Reproduce, from the lines below, exactly the stretch that begins at the line containing "#17658 = LINE('',#17659,#17660);" and ends at the line containing "#17668 = ( GEOMETRIC_REPRESENTATION_CONTEXT(2)", both included.

(Stored entries)
=== Section Start ===

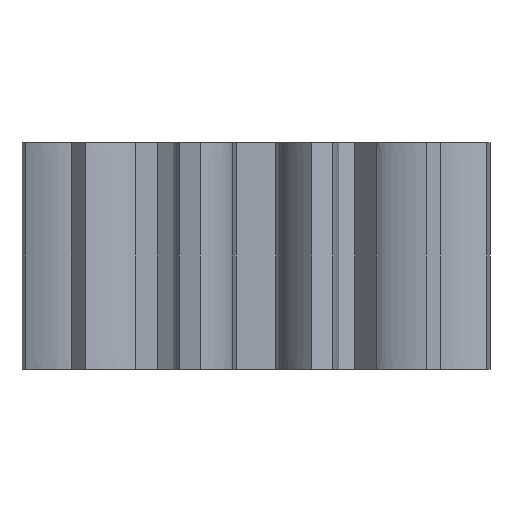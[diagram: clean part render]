
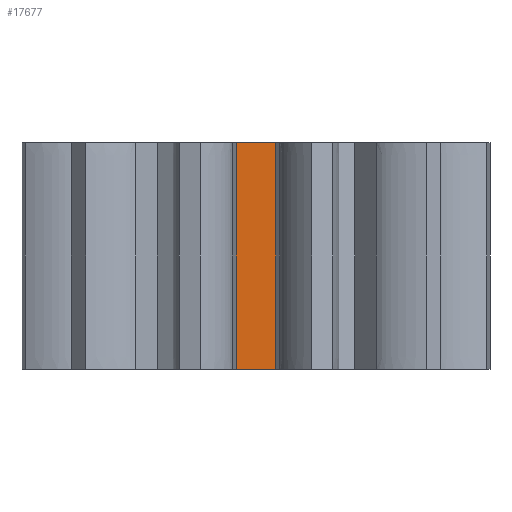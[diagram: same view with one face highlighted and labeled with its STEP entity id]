
A CAD part, left-side view. The second image highlights one B-rep face of the part: STEP entity #17677.
In plain terms, the highlighted face is a extrusion surface.
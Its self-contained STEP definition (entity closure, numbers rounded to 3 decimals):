
#93 = PLANE('',#94);
#94 = AXIS2_PLACEMENT_3D('',#95,#96,#97);
#95 = CARTESIAN_POINT('',(0.,0.,6.25)
  );
#96 = DIRECTION('',(0.,0.,1.));
#97 = DIRECTION('',(1.,0.,0.));
#168 = PLANE('',#169);
#169 = AXIS2_PLACEMENT_3D('',#170,#171,#172);
#170 = CARTESIAN_POINT('',(0.,0.,0.));
#171 = DIRECTION('',(0.,0.,1.));
#172 = DIRECTION('',(1.,0.,0.));
#1899 = VERTEX_POINT('',#1900);
#1900 = CARTESIAN_POINT('',(-4.215,0.542,0.));
#1912 = SURFACE_OF_LINEAR_EXTRUSION('',#1913,#1916);
#1913 = B_SPLINE_CURVE_WITH_KNOTS('',1,(#1914,#1915),.UNSPECIFIED.,.F.,
  .F.,(2,2),(0.,0.918),.PIECEWISE_BEZIER_KNOTS.);
#1914 = CARTESIAN_POINT('',(-5.126,0.659,0.));
#1915 = CARTESIAN_POINT('',(-4.215,0.542,0.));
#1916 = VECTOR('',#1917,1.);
#1917 = DIRECTION('',(-0.,-0.,-1.));
#1925 = EDGE_CURVE('',#1899,#1926,#1928,.T.);
#1926 = VERTEX_POINT('',#1927);
#1927 = CARTESIAN_POINT('',(-4.215,-0.542,0.));
#1928 = SURFACE_CURVE('',#1929,(#1932,#1938),.PCURVE_S1.);
#1929 = B_SPLINE_CURVE_WITH_KNOTS('',1,(#1930,#1931),.UNSPECIFIED.,.F.,
  .F.,(2,2),(0.,1.084),.PIECEWISE_BEZIER_KNOTS.);
#1930 = CARTESIAN_POINT('',(-4.215,0.542,0.));
#1931 = CARTESIAN_POINT('',(-4.215,-0.542,0.));
#1932 = PCURVE('',#168,#1933);
#1933 = DEFINITIONAL_REPRESENTATION('',(#1934),#1937);
#1934 = B_SPLINE_CURVE_WITH_KNOTS('',1,(#1935,#1936),.UNSPECIFIED.,.F.,
  .F.,(2,2),(0.,1.084),.PIECEWISE_BEZIER_KNOTS.);
#1935 = CARTESIAN_POINT('',(-4.215,0.542));
#1936 = CARTESIAN_POINT('',(-4.215,-0.542));
#1937 = ( GEOMETRIC_REPRESENTATION_CONTEXT(2) 
PARAMETRIC_REPRESENTATION_CONTEXT() REPRESENTATION_CONTEXT('2D SPACE',''
  ) );
#1938 = PCURVE('',#1939,#1945);
#1939 = SURFACE_OF_LINEAR_EXTRUSION('',#1940,#1943);
#1940 = B_SPLINE_CURVE_WITH_KNOTS('',1,(#1941,#1942),.UNSPECIFIED.,.F.,
  .F.,(2,2),(0.,1.084),.PIECEWISE_BEZIER_KNOTS.);
#1941 = CARTESIAN_POINT('',(-4.215,0.542,0.));
#1942 = CARTESIAN_POINT('',(-4.215,-0.542,0.));
#1943 = VECTOR('',#1944,1.);
#1944 = DIRECTION('',(-0.,-0.,-1.));
#1945 = DEFINITIONAL_REPRESENTATION('',(#1946),#1950);
#1946 = LINE('',#1947,#1948);
#1947 = CARTESIAN_POINT('',(0.,0.));
#1948 = VECTOR('',#1949,1.);
#1949 = DIRECTION('',(1.,0.));
#1950 = ( GEOMETRIC_REPRESENTATION_CONTEXT(2) 
PARAMETRIC_REPRESENTATION_CONTEXT() REPRESENTATION_CONTEXT('2D SPACE',''
  ) );
#1966 = SURFACE_OF_LINEAR_EXTRUSION('',#1967,#1970);
#1967 = B_SPLINE_CURVE_WITH_KNOTS('',1,(#1968,#1969),.UNSPECIFIED.,.F.,
  .F.,(2,2),(0.,0.918),.PIECEWISE_BEZIER_KNOTS.);
#1968 = CARTESIAN_POINT('',(-4.215,-0.542,0.));
#1969 = CARTESIAN_POINT('',(-5.126,-0.659,0.));
#1970 = VECTOR('',#1971,1.);
#1971 = DIRECTION('',(-0.,-0.,-1.));
#4455 = VERTEX_POINT('',#4456);
#4456 = CARTESIAN_POINT('',(-4.215,0.542,6.25));
#4475 = EDGE_CURVE('',#4455,#4476,#4478,.T.);
#4476 = VERTEX_POINT('',#4477);
#4477 = CARTESIAN_POINT('',(-4.215,-0.542,6.25));
#4478 = SURFACE_CURVE('',#4479,(#4482,#4488),.PCURVE_S1.);
#4479 = B_SPLINE_CURVE_WITH_KNOTS('',1,(#4480,#4481),.UNSPECIFIED.,.F.,
  .F.,(2,2),(0.,1.084),.PIECEWISE_BEZIER_KNOTS.);
#4480 = CARTESIAN_POINT('',(-4.215,0.542,6.25));
#4481 = CARTESIAN_POINT('',(-4.215,-0.542,6.25));
#4482 = PCURVE('',#93,#4483);
#4483 = DEFINITIONAL_REPRESENTATION('',(#4484),#4487);
#4484 = B_SPLINE_CURVE_WITH_KNOTS('',1,(#4485,#4486),.UNSPECIFIED.,.F.,
  .F.,(2,2),(0.,1.084),.PIECEWISE_BEZIER_KNOTS.);
#4485 = CARTESIAN_POINT('',(-4.215,0.542));
#4486 = CARTESIAN_POINT('',(-4.215,-0.542));
#4487 = ( GEOMETRIC_REPRESENTATION_CONTEXT(2) 
PARAMETRIC_REPRESENTATION_CONTEXT() REPRESENTATION_CONTEXT('2D SPACE',''
  ) );
#4488 = PCURVE('',#1939,#4489);
#4489 = DEFINITIONAL_REPRESENTATION('',(#4490),#4494);
#4490 = LINE('',#4491,#4492);
#4491 = CARTESIAN_POINT('',(0.,-6.25));
#4492 = VECTOR('',#4493,1.);
#4493 = DIRECTION('',(1.,0.));
#4494 = ( GEOMETRIC_REPRESENTATION_CONTEXT(2) 
PARAMETRIC_REPRESENTATION_CONTEXT() REPRESENTATION_CONTEXT('2D SPACE',''
  ) );
#17627 = EDGE_CURVE('',#1926,#4476,#17628,.T.);
#17628 = SURFACE_CURVE('',#17629,(#17633,#17640),.PCURVE_S1.);
#17629 = LINE('',#17630,#17631);
#17630 = CARTESIAN_POINT('',(-4.215,-0.542,0.));
#17631 = VECTOR('',#17632,1.);
#17632 = DIRECTION('',(0.,0.,1.));
#17633 = PCURVE('',#1966,#17634);
#17634 = DEFINITIONAL_REPRESENTATION('',(#17635),#17639);
#17635 = LINE('',#17636,#17637);
#17636 = CARTESIAN_POINT('',(0.,0.));
#17637 = VECTOR('',#17638,1.);
#17638 = DIRECTION('',(0.,-1.));
#17639 = ( GEOMETRIC_REPRESENTATION_CONTEXT(2) 
PARAMETRIC_REPRESENTATION_CONTEXT() REPRESENTATION_CONTEXT('2D SPACE',''
  ) );
#17640 = PCURVE('',#1939,#17641);
#17641 = DEFINITIONAL_REPRESENTATION('',(#17642),#17646);
#17642 = LINE('',#17643,#17644);
#17643 = CARTESIAN_POINT('',(1.084,0.));
#17644 = VECTOR('',#17645,1.);
#17645 = DIRECTION('',(0.,-1.));
#17646 = ( GEOMETRIC_REPRESENTATION_CONTEXT(2) 
PARAMETRIC_REPRESENTATION_CONTEXT() REPRESENTATION_CONTEXT('2D SPACE',''
  ) );
#17656 = EDGE_CURVE('',#1899,#4455,#17657,.T.);
#17657 = SURFACE_CURVE('',#17658,(#17662,#17669),.PCURVE_S1.);
#17658 = LINE('',#17659,#17660);
#17659 = CARTESIAN_POINT('',(-4.215,0.542,0.));
#17660 = VECTOR('',#17661,1.);
#17661 = DIRECTION('',(0.,0.,1.));
#17662 = PCURVE('',#1912,#17663);
#17663 = DEFINITIONAL_REPRESENTATION('',(#17664),#17668);
#17664 = LINE('',#17665,#17666);
#17665 = CARTESIAN_POINT('',(0.918,0.));
#17666 = VECTOR('',#17667,1.);
#17667 = DIRECTION('',(0.,-1.));
#17668 = ( GEOMETRIC_REPRESENTATION_CONTEXT(2) 
PARAMETRIC_REPRESENTATION_CONTEXT() REPRESENTATION_CONTEXT('2D SPACE',''
  ) );
#17669 = PCURVE('',#1939,#17670);
#17670 = DEFINITIONAL_REPRESENTATION('',(#17671),#17675);
#17671 = LINE('',#17672,#17673);
#17672 = CARTESIAN_POINT('',(0.,0.));
#17673 = VECTOR('',#17674,1.);
#17674 = DIRECTION('',(0.,-1.));
#17675 = ( GEOMETRIC_REPRESENTATION_CONTEXT(2) 
PARAMETRIC_REPRESENTATION_CONTEXT() REPRESENTATION_CONTEXT('2D SPACE',''
  ) );
#17677 = ADVANCED_FACE('',(#17678),#1939,.F.);
#17678 = FACE_BOUND('',#17679,.F.);
#17679 = EDGE_LOOP('',(#17680,#17681,#17682,#17683));
#17680 = ORIENTED_EDGE('',*,*,#17656,.T.);
#17681 = ORIENTED_EDGE('',*,*,#4475,.T.);
#17682 = ORIENTED_EDGE('',*,*,#17627,.F.);
#17683 = ORIENTED_EDGE('',*,*,#1925,.F.);

=== Section End ===

Solution for this problem:
#17658 = LINE('',#17659,#17660);
#17659 = CARTESIAN_POINT('',(-4.215,0.542,0.));
#17660 = VECTOR('',#17661,1.);
#17661 = DIRECTION('',(0.,0.,1.));
#17662 = PCURVE('',#1912,#17663);
#17663 = DEFINITIONAL_REPRESENTATION('',(#17664),#17668);
#17664 = LINE('',#17665,#17666);
#17665 = CARTESIAN_POINT('',(0.918,0.));
#17666 = VECTOR('',#17667,1.);
#17667 = DIRECTION('',(0.,-1.));
#17668 = ( GEOMETRIC_REPRESENTATION_CONTEXT(2) 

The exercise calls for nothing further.